此脚本用于组织电视节目目录(将每个文件重命名为惯例s01e01.title of sception.ext并创建原始名称的符号链接)。
我喜欢写这篇文章,我不希望其他人花太多时间。我想我现在最大的“树桩”是:
修正grep+cut输出中出现“用awk从wiki抓取正确的文本块(根据季节)
(另外,如果有任何事情看起来效率低下,请告诉我——我正在学习)
我在这些论坛上左右逢源,不断进步。与我类似的问题我已经问得太多了。(这些论坛是我目前建立这个论坛的100%原因)。

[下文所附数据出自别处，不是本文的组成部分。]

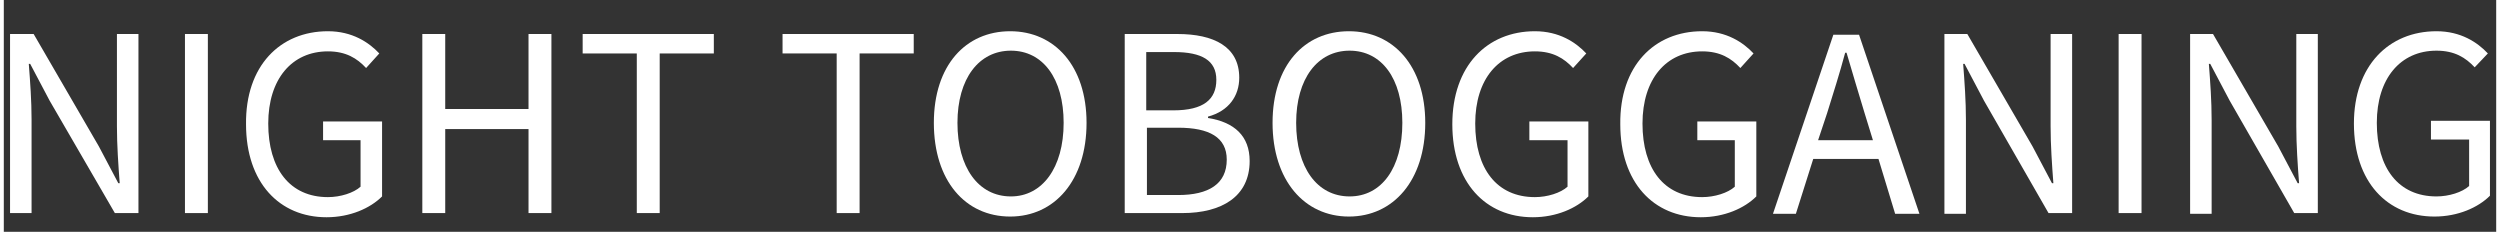 <?xml version="1.0" encoding="utf-8"?>
<svg xmlns="http://www.w3.org/2000/svg" xmlns:xlink="http://www.w3.org/1999/xlink" version="1.1" id="Ebene_1" x="0px" y="0px" viewBox="0 0 359.1 33.4" style="enable-background:new 0 0 359.1 33.4;" xml:space="preserve" width="550" height="51">
<rect x="0" y="0" width="359.1" height="33.4" fill="#333333" stroke="none"/>
<style type="text/css">
	.st0{fill:#FFFFFF;}
</style>
<title>nachtrodeln-hochwurzen</title>
<g>
	<path class="st0" d="M0.9,4.9h3.4l9.4,16.2l2.8,5.3h0.2c-0.2-2.6-0.4-5.5-0.4-8.2V4.9h3.1v25.8h-3.4L6.6,14.5L3.8,9.2H3.6   C3.8,11.8,4,14.5,4,17.2v13.5H0.9V4.9z"/>
	<path class="st0" d="M26.1,4.9h3.3v25.8h-3.3V4.9z"/>
	<path class="st0" d="M46.7,4.5c3.5,0,5.9,1.6,7.4,3.2l-1.9,2.1c-1.3-1.4-2.9-2.4-5.5-2.4c-5.2,0-8.6,4-8.6,10.4   c0,6.5,3.1,10.6,8.6,10.6c1.8,0,3.7-0.6,4.7-1.5v-6.7H46v-2.7h8.5v10.8c-1.7,1.7-4.6,3-8,3c-6.8,0-11.6-5-11.6-13.4   C34.8,9.5,39.8,4.5,46.7,4.5z"/>
	<path class="st0" d="M60.3,4.9h3.3v10.8h12V4.9h3.3v25.8h-3.3V18.6h-12v12.1h-3.3V4.9z"/>
	<path class="st0" d="M91.2,7.7h-7.8V4.9h18.9v2.8h-7.8v23h-3.3V7.7z"/>
	<path class="st0" d="M120,7.7h-7.8V4.9h18.9v2.8h-7.8v23H120V7.7z"/>
	<path class="st0" d="M134,17.7c0-8.3,4.6-13.2,11-13.2c6.4,0,11,5,11,13.2c0,8.3-4.6,13.5-11,13.5C138.5,31.2,134,26,134,17.7z    M152.7,17.7c0-6.4-3-10.4-7.6-10.4c-4.6,0-7.7,4-7.7,10.4c0,6.4,3,10.6,7.7,10.6C149.6,28.3,152.7,24.2,152.7,17.7z"/>
	<path class="st0" d="M161.4,4.9h7.7c5.2,0,8.9,1.8,8.9,6.3c0,2.6-1.5,4.8-4.5,5.6V17c3.8,0.6,6,2.6,6,6.2c0,5.1-4,7.5-9.7,7.5h-8.3   V4.9z M168.5,15.9c4.4,0,6.2-1.6,6.2-4.4c0-2.8-2.1-4-6.1-4h-4v8.4H168.5z M169.2,28.1c4.4,0,7-1.6,7-5.1c0-3.2-2.5-4.6-7-4.6h-4.5   v9.7H169.2z"/>
	<path class="st0" d="M182.8,17.7c0-8.3,4.6-13.2,11-13.2c6.4,0,11,5,11,13.2c0,8.3-4.6,13.5-11,13.5   C187.4,31.2,182.8,26,182.8,17.7z M201.5,17.7c0-6.4-3-10.4-7.6-10.4c-4.6,0-7.7,4-7.7,10.4c0,6.4,3,10.6,7.7,10.6   C198.5,28.3,201.5,24.2,201.5,17.7z"/>
	<path class="st0" d="M220.6,4.5c3.5,0,5.9,1.6,7.4,3.2l-1.9,2.1c-1.3-1.4-2.9-2.4-5.5-2.4c-5.2,0-8.6,4-8.6,10.4   c0,6.5,3.1,10.6,8.6,10.6c1.8,0,3.7-0.6,4.7-1.5v-6.7h-5.5v-2.7h8.5v10.8c-1.7,1.7-4.6,3-8,3c-6.8,0-11.6-5-11.6-13.4   C208.7,9.5,213.7,4.5,220.6,4.5z"/>
	<path class="st0" d="M244.7,4.5c3.5,0,5.9,1.6,7.4,3.2l-1.9,2.1c-1.3-1.4-2.9-2.4-5.5-2.4c-5.2,0-8.6,4-8.6,10.4   c0,6.5,3.1,10.6,8.6,10.6c1.8,0,3.7-0.6,4.7-1.5v-6.7H244v-2.7h8.5v10.8c-1.7,1.7-4.6,3-8,3c-6.8,0-11.6-5-11.6-13.4   C232.8,9.5,237.8,4.5,244.7,4.5z"/>
	<path class="st0" d="M270.1,22.9h-9.4l-2.5,7.9h-3.3l8.7-25.8h3.7l8.7,25.8h-3.5L270.1,22.9z M269.3,20.2l-1.2-3.9   c-0.9-2.9-1.7-5.7-2.6-8.7h-0.2c-0.8,3-1.7,5.8-2.6,8.7l-1.3,3.9H269.3z"/>
	<path class="st0" d="M279.5,4.9h3.4l9.4,16.2l2.8,5.3h0.2c-0.2-2.6-0.4-5.5-0.4-8.2V4.9h3.1v25.8h-3.4l-9.3-16.2l-2.8-5.3h-0.2   c0.2,2.6,0.4,5.3,0.4,8.1v13.5h-3.1V4.9z"/>
	<path class="st0" d="M304.7,4.9h3.3v25.8h-3.3V4.9z"/>
	<path class="st0" d="M314.9,4.9h3.4l9.4,16.2l2.8,5.3h0.2c-0.2-2.6-0.4-5.5-0.4-8.2V4.9h3.1v25.8h-3.4l-9.3-16.2l-2.8-5.3h-0.2   c0.2,2.6,0.4,5.3,0.4,8.1v13.5h-3.1V4.9z"/>
	<path class="st0" d="M350.5,4.5c3.5,0,5.9,1.6,7.4,3.2L356,9.7c-1.3-1.4-2.9-2.4-5.5-2.4c-5.2,0-8.6,4-8.6,10.4   c0,6.5,3.1,10.6,8.6,10.6c1.8,0,3.7-0.6,4.7-1.5v-6.7h-5.5v-2.7h8.5v10.8c-1.7,1.7-4.6,3-8,3c-6.8,0-11.6-5-11.6-13.4   C338.6,9.5,343.6,4.5,350.5,4.5z"/>
</g>
</svg>

## Find show name and season (directories nested: /show/season)
show1=$(cd .. ; pwd)
show="${show1##*/}"
season=("${PWD##*/}")

IFS=$'\n'

## Download list of episodes for given season
wget -q -O- --header\="Accept-Encoding: gzip" https://en.wikipedia.org/wiki/List_of_$show\_episodes | gunzip > tmp.html

## Working on first awk/sed command to grab textblock of only specific season
## grep command works great, except when episode is hyperlinked ('a href' tag gets cut)
if [ "$season" == 'Season 1' ]; then
        listing=( $(awk '/\(season_1\)/,/rellink/' tmp.html | grep "summary.*[\"]<" | cut -d'"' -f6) )
        unset IFS
elif [ "$season" == 'Season 2' ]; then
        listing=( $(awk '/\(season_2\)/,/rellink/' tmp.html | grep "summary.*[\"]<" | cut -d'"' -f6) )
        unset IFS
#..........................continued 20 times or so
fi

我已经对上面的代码做了太多的调整,所以下半部分必须在之后完成;但之前它确实工作了90%。唯一的问题是,如果某些文件在维基百科页面上被超链接(因为剪切),它会将它们命名为s01e05.ahref=.mkv。
## Parse filename for season/episode descriptor
## Rename file with season/episode and name from wikipedia database
for file in *
do
    name=$(ls "$file" | grep -o "S[0-9][0-9]E[0-9][0-9]")
    episode=$(ls "$file" | grep -o "E[0-9][0-9]")
        if [ "$episode" == 'E01' ]; then
                mv "$file" "$name.${listing[0]}.mkv"
                ln -s "$name.${listing[0]}.mkv" "$file"
                echo "Renamed '$file' and created a symbolic link."
        #..........................continued
        fi
done

最佳答案

同意这些评论,即bash不是解析网页或html的方法。但如果你已经开始并想在bash中完成它,那么这并不是不可能的。看看你的代码,我喜欢你使用bash替换和globing,但是有点搞不清它们是如何结合在一起的,所以我自己写了一个简单的版本,希望你可以插入或处理。

#!/bin/bash

show="Archer"
url="http://en.wikipedia.org/wiki/List_of_${show}_episodes"

while read line; do
  [[ $line =~ "<h3><span class=\"mw-headline\" id=\"Season" ]] && episode= && ((
  if [[ $line =~ "<td class=\"summary\" style=\"text-align: left;\">\""(.*)"\""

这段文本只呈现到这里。